═══ DATA SUPPLIED ═══
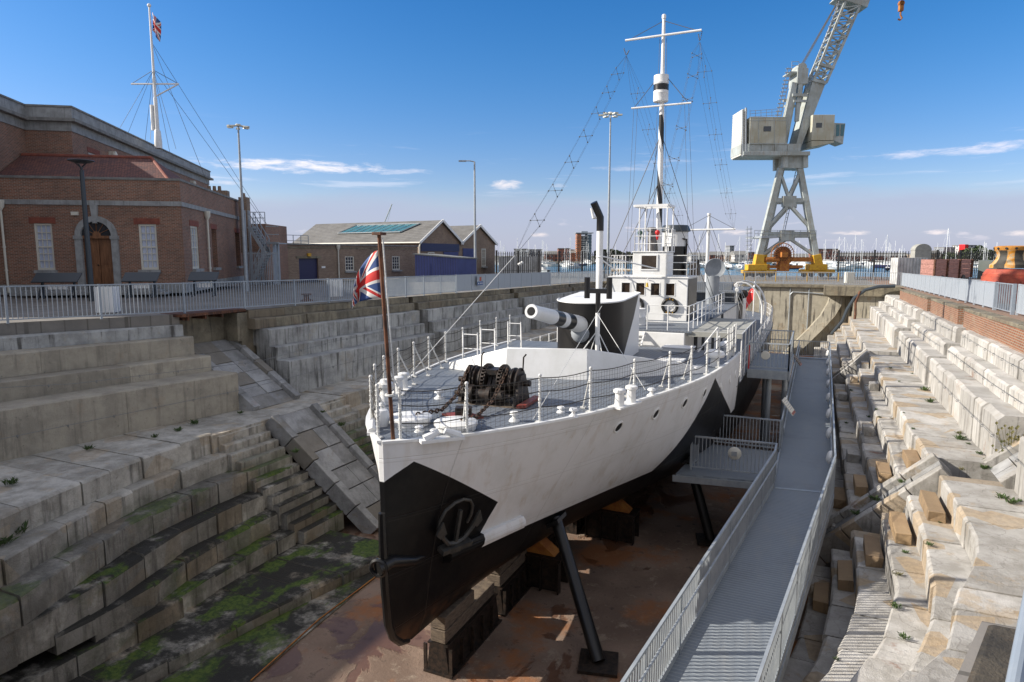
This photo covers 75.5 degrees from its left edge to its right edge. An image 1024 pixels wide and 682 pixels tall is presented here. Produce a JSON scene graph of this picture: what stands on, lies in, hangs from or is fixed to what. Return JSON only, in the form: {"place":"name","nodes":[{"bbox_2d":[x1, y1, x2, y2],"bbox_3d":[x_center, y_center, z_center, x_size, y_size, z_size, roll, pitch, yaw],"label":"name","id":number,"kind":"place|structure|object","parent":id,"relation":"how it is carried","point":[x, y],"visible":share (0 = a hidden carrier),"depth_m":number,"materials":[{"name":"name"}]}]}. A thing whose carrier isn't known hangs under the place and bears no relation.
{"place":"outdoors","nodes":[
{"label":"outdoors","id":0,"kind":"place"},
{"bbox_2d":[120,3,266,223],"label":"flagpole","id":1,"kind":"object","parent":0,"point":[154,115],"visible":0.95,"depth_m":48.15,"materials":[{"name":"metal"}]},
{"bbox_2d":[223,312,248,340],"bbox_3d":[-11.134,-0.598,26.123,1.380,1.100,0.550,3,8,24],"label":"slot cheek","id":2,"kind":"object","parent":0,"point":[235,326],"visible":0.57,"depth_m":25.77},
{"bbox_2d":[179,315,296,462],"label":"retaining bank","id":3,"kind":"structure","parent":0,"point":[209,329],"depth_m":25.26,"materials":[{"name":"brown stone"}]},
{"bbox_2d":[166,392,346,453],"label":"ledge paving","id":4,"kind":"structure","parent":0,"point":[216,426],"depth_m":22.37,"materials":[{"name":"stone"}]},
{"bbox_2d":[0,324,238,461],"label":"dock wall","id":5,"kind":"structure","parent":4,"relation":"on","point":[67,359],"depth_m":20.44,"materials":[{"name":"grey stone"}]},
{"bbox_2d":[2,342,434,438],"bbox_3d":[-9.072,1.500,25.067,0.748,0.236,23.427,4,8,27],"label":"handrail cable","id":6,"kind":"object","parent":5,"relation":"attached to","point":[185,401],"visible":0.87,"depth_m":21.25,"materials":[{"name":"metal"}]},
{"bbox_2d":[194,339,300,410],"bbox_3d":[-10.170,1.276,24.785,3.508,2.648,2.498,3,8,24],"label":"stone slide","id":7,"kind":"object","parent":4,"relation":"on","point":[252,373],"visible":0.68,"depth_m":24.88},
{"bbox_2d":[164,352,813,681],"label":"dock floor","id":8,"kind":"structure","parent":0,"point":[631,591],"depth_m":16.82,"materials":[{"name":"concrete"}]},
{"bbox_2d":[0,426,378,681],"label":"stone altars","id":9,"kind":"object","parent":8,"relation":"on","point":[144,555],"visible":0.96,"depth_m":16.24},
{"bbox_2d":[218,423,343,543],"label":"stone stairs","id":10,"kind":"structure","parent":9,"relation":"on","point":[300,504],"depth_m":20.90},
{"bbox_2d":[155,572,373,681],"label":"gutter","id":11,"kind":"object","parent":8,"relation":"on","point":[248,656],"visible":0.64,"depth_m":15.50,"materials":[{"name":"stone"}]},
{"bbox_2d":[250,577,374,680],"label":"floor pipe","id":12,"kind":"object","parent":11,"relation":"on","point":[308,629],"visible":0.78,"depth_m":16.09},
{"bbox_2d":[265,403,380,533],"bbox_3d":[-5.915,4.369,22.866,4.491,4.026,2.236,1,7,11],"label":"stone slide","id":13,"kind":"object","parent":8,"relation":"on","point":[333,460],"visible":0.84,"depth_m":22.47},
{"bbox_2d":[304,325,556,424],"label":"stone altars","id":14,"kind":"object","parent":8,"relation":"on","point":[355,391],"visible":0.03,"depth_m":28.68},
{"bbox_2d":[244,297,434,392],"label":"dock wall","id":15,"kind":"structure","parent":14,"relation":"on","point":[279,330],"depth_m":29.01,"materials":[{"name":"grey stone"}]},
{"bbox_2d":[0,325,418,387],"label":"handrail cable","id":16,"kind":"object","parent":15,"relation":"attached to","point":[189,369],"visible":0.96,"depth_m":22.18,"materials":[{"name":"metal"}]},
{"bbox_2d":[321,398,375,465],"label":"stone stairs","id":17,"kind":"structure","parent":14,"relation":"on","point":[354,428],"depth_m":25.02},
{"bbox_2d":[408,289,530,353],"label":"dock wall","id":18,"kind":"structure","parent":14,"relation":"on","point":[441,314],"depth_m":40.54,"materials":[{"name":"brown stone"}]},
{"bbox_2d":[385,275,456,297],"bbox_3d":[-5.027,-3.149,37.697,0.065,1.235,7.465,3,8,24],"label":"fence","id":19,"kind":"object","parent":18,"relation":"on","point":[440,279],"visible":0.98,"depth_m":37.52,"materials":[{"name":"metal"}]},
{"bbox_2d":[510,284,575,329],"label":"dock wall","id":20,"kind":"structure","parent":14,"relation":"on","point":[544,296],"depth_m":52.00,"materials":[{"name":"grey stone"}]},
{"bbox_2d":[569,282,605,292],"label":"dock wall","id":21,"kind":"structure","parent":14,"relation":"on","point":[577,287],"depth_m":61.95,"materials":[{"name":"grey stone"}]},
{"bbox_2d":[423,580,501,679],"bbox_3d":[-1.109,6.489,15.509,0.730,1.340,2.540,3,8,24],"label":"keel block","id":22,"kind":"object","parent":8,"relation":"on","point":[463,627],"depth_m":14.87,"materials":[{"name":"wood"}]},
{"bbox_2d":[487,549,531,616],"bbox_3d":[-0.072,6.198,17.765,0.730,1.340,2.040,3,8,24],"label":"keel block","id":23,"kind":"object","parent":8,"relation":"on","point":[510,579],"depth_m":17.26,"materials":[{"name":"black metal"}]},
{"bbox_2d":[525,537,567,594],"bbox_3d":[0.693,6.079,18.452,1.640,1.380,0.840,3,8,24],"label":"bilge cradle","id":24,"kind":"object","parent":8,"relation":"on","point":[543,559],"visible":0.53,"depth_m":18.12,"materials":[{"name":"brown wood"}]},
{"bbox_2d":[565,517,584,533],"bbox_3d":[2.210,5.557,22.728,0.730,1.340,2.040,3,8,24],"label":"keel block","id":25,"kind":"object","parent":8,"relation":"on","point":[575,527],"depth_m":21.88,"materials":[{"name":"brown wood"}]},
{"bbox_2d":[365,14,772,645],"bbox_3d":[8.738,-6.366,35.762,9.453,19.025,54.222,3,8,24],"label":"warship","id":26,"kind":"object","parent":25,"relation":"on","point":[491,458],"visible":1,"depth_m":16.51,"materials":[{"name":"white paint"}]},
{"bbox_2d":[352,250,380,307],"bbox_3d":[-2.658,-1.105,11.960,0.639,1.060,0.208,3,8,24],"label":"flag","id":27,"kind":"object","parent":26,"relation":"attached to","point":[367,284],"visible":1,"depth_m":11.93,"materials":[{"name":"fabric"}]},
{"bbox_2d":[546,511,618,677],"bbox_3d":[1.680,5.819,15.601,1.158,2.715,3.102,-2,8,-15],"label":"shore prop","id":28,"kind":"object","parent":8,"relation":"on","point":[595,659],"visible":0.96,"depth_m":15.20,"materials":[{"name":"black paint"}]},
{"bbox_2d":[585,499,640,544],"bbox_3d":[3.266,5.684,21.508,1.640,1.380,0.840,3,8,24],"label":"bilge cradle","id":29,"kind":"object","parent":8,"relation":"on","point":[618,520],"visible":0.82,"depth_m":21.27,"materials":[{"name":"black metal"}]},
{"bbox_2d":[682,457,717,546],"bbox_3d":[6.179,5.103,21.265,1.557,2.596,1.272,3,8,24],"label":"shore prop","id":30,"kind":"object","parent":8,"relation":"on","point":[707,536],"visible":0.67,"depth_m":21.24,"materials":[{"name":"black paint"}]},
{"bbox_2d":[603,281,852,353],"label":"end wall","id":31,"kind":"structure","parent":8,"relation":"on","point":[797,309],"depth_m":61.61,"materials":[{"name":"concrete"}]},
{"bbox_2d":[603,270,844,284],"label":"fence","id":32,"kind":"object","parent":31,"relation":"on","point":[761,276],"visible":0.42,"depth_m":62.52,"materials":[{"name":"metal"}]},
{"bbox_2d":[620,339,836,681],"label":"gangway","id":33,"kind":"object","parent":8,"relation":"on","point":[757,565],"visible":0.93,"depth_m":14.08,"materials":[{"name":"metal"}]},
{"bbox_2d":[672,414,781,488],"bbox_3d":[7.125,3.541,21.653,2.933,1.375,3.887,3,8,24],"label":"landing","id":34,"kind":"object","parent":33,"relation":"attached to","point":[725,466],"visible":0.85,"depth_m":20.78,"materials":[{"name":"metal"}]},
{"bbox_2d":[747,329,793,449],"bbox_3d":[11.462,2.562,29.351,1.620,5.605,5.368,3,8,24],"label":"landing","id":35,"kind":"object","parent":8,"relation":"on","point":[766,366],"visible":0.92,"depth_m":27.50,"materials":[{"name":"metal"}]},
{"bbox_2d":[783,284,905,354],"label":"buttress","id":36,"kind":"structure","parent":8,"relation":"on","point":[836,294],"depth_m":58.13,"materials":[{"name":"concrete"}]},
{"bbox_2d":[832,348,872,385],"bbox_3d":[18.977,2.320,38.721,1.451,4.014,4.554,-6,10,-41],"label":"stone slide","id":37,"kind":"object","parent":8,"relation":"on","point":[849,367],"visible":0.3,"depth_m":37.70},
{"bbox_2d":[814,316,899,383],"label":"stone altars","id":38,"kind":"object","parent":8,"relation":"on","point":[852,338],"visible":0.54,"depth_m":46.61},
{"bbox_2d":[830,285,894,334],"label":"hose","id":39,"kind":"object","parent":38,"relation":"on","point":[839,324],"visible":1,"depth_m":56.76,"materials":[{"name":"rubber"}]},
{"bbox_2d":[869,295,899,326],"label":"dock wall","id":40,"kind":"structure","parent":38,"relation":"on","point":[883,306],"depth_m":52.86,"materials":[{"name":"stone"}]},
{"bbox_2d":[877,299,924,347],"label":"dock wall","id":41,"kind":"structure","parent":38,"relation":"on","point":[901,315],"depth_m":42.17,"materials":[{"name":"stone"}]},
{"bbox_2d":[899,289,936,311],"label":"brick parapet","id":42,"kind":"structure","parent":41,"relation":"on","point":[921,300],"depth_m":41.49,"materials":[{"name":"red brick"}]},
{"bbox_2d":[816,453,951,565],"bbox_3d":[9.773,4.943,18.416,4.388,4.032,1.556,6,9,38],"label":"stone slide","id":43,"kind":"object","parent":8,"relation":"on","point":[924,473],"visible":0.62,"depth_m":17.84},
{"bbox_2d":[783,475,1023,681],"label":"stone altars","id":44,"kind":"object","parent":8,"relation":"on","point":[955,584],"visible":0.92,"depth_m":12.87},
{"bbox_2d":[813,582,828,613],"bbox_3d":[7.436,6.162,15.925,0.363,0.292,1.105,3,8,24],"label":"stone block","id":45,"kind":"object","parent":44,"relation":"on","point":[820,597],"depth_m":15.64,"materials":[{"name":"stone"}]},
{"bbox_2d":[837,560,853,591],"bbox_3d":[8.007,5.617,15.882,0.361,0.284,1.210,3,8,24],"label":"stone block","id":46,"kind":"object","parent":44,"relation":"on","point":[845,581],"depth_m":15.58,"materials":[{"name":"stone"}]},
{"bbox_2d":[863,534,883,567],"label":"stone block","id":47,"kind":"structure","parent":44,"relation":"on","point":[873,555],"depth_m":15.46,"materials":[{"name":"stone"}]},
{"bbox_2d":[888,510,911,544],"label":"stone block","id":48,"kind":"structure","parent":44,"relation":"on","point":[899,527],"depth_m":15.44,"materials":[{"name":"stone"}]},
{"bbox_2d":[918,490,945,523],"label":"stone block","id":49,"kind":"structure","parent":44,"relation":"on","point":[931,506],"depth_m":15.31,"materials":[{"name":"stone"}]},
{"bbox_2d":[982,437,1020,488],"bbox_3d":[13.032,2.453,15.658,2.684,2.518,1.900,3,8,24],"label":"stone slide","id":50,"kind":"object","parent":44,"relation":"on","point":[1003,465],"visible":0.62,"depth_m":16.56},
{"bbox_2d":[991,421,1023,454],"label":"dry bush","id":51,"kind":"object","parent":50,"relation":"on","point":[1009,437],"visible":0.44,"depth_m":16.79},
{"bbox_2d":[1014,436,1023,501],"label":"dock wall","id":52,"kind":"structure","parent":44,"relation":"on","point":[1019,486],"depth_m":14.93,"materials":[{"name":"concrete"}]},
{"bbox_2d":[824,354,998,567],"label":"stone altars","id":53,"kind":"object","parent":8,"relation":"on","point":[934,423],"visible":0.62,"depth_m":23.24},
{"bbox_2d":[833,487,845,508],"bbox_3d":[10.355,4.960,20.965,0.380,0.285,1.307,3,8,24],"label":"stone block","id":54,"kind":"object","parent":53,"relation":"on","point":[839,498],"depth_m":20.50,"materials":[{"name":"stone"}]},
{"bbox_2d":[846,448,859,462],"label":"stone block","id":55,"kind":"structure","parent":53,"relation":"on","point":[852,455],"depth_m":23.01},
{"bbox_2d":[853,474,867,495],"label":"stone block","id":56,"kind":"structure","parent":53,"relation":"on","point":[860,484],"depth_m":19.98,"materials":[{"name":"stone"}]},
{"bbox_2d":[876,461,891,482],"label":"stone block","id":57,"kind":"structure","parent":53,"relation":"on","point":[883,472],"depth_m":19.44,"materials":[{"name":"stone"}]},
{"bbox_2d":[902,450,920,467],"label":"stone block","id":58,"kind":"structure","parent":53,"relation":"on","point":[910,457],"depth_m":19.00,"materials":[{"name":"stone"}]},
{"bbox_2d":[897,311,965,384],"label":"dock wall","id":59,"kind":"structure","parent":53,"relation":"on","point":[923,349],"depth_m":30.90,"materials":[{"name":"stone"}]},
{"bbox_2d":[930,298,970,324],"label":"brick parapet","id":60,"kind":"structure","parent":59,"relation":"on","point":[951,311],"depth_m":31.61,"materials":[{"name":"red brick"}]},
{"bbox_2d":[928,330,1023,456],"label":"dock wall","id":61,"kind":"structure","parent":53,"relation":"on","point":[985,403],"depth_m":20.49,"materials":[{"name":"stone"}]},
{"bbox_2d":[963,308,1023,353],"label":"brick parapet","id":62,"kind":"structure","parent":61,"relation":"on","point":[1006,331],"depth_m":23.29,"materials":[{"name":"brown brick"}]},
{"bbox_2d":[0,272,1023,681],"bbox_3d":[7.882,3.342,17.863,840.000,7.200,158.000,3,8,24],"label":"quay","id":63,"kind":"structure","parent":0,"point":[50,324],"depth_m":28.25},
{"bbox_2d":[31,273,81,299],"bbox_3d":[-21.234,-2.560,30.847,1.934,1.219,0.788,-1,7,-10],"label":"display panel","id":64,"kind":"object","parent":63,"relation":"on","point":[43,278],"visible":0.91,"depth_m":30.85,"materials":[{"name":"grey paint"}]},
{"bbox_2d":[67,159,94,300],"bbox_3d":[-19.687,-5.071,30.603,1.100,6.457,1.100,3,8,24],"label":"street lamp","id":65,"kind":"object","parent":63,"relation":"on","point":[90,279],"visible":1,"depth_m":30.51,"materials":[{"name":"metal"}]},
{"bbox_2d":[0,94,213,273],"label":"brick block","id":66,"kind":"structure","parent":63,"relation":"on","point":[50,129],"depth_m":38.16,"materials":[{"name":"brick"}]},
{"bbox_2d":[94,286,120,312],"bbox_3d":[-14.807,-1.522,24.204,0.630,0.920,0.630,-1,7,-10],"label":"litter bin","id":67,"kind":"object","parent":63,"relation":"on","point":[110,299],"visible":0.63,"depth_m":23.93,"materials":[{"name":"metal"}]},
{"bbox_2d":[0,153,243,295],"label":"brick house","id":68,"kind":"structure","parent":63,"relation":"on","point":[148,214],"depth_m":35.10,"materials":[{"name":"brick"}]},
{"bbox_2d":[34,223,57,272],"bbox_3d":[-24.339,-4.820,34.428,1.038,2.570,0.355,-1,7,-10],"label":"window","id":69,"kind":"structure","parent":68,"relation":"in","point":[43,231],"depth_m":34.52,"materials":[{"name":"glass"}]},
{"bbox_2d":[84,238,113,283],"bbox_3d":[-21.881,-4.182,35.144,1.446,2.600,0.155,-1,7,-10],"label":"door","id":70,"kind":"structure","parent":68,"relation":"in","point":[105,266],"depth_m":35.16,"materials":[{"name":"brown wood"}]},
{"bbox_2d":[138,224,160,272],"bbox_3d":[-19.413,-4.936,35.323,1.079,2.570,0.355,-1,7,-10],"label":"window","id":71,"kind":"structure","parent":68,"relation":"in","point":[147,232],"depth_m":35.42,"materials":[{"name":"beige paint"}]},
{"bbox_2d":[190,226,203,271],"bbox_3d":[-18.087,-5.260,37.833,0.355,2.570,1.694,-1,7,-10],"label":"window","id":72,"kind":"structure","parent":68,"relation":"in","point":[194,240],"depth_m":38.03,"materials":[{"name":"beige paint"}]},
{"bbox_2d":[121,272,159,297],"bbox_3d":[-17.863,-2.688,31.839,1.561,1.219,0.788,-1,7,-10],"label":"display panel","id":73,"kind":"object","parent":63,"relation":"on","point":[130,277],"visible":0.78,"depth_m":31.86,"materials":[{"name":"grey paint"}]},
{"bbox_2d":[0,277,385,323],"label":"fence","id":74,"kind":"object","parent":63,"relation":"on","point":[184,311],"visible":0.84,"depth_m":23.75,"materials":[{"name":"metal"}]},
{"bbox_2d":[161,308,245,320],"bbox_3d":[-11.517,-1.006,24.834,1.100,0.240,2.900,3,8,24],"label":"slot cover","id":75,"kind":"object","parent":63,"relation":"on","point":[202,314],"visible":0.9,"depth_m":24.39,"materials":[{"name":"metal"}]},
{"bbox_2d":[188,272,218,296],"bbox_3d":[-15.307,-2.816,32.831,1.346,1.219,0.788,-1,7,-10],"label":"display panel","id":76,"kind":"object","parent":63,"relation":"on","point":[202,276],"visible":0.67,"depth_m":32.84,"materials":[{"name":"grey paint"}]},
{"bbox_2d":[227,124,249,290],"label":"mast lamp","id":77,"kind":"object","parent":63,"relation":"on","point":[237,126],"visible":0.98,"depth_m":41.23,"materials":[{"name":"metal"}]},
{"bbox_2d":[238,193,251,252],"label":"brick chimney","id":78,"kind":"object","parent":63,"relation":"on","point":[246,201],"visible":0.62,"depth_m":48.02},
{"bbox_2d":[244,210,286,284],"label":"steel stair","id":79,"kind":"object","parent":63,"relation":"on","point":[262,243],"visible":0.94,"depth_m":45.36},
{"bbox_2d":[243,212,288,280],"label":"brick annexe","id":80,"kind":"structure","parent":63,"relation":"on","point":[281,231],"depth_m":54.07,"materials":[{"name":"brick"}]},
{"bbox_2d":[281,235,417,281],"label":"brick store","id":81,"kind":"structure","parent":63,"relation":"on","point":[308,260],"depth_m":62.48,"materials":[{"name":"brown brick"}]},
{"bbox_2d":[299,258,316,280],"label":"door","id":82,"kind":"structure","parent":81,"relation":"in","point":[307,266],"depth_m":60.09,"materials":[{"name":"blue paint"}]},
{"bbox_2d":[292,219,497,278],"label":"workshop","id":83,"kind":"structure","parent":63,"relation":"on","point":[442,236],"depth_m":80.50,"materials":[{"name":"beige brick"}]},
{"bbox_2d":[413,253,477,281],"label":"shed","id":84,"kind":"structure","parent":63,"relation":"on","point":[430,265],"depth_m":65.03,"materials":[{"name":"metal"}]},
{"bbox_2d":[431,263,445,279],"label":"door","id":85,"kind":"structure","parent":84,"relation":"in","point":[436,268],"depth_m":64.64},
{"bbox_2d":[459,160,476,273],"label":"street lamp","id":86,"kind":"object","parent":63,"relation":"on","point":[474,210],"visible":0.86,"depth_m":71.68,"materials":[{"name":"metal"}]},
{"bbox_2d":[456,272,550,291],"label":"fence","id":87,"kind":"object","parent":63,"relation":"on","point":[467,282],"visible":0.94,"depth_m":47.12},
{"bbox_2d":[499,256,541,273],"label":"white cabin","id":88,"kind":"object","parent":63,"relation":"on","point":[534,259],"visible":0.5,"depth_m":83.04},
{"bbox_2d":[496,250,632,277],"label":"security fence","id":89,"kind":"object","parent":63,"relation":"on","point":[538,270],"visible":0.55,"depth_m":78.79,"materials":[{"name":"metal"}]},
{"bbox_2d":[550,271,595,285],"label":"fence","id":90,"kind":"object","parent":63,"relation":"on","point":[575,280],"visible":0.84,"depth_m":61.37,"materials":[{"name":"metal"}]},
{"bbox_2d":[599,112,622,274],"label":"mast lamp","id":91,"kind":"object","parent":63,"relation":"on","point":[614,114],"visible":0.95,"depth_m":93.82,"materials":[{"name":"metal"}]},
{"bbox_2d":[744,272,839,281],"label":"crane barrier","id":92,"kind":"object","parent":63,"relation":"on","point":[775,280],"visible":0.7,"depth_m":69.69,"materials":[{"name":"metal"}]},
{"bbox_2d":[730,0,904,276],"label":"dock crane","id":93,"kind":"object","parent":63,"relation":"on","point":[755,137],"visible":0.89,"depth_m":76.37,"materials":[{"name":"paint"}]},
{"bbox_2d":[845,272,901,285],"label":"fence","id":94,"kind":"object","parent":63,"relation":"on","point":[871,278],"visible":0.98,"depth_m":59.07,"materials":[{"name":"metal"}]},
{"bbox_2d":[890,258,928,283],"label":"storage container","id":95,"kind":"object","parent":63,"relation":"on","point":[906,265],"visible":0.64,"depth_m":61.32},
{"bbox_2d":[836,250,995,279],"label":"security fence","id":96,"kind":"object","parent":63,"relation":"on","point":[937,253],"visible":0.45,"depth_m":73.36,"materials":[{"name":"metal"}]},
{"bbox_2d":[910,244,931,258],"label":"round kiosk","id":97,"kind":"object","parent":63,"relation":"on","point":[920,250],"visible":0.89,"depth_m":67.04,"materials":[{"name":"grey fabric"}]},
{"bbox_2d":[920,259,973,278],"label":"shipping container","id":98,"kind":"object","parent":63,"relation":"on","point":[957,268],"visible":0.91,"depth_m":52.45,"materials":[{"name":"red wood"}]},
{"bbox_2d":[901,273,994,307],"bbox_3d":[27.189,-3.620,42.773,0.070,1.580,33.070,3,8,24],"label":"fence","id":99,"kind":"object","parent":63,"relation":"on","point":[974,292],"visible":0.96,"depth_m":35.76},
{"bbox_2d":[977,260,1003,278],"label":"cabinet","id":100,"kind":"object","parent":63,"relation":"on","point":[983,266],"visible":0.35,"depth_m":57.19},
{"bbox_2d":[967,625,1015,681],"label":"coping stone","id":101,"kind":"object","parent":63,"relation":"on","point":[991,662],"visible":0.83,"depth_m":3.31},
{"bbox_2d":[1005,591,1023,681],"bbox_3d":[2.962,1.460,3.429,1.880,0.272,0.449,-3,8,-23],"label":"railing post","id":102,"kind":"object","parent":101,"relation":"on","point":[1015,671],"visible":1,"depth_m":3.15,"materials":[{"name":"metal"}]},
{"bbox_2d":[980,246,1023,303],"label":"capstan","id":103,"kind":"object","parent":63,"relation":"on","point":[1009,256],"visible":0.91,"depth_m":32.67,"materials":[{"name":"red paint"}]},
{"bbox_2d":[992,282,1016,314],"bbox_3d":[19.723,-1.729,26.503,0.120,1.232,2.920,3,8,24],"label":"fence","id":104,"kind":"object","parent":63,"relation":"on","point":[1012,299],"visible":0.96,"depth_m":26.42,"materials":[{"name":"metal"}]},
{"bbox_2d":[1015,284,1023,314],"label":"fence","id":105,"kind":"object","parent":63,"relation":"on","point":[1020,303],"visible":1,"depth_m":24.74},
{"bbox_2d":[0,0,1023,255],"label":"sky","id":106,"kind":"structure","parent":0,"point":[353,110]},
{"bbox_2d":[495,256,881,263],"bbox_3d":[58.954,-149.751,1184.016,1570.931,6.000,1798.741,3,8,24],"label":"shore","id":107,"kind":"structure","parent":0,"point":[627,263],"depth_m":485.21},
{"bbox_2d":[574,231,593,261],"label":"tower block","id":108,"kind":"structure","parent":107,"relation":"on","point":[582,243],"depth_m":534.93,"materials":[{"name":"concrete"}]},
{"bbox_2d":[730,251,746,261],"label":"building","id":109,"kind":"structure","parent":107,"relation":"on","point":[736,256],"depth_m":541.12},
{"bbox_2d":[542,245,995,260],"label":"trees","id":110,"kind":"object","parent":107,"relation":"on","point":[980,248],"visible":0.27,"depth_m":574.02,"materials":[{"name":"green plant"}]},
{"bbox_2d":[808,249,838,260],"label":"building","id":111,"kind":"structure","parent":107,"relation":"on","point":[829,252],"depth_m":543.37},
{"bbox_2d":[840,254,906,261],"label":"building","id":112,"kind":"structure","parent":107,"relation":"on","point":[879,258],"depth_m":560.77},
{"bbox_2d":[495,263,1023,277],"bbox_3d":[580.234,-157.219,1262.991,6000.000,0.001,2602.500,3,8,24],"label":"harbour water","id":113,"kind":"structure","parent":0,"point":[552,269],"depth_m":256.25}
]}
═══
◆ **TRY IT**
Scan the preceding listing for lines that contain the word "slot". Give only how many there are.

◆ **EXPECTED OUTPUT**
2